§ **What to produce**
Only lines holding "about" are wanted; copy each of them from the records below.

§ **Extracted entries**
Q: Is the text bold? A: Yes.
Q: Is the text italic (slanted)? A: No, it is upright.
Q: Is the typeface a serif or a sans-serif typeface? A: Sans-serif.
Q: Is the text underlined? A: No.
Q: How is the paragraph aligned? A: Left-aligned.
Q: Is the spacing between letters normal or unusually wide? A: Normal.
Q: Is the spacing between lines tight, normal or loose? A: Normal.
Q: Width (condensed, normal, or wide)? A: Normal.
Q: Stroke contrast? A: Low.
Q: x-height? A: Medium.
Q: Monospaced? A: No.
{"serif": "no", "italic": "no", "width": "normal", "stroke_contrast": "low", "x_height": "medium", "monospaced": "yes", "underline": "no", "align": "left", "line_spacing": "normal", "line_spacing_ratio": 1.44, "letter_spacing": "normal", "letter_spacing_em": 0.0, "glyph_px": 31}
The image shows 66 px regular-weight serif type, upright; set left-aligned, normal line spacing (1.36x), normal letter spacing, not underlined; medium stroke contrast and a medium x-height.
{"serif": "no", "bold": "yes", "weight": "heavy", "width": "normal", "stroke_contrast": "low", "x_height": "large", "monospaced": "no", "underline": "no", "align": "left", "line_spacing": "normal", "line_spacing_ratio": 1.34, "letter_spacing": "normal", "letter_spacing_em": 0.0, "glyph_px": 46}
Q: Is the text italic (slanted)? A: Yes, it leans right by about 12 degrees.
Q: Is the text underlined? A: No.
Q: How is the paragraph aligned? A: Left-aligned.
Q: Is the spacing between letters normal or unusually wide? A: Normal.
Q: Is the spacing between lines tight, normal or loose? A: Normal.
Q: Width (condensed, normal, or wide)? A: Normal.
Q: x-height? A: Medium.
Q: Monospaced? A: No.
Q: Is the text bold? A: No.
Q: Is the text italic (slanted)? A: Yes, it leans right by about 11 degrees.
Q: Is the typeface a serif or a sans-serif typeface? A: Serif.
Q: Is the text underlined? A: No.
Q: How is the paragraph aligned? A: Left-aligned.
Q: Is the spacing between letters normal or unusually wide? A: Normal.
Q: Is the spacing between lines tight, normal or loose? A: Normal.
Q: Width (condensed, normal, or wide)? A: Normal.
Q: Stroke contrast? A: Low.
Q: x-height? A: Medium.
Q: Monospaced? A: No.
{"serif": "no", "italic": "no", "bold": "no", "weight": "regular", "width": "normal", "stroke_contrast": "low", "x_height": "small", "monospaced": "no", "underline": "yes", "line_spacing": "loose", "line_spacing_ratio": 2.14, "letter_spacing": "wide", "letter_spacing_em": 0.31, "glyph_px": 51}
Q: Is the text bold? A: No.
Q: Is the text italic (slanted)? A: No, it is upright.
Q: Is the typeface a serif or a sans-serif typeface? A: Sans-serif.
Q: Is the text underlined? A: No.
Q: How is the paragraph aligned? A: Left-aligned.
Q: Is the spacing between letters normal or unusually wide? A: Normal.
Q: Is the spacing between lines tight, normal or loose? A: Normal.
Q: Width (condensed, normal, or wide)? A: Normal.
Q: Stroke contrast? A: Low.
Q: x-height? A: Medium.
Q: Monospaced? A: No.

§ **Final answer**
Q: Is the text italic (slanted)? A: Yes, it leans right by about 12 degrees.
Q: Is the text italic (slanted)? A: Yes, it leans right by about 11 degrees.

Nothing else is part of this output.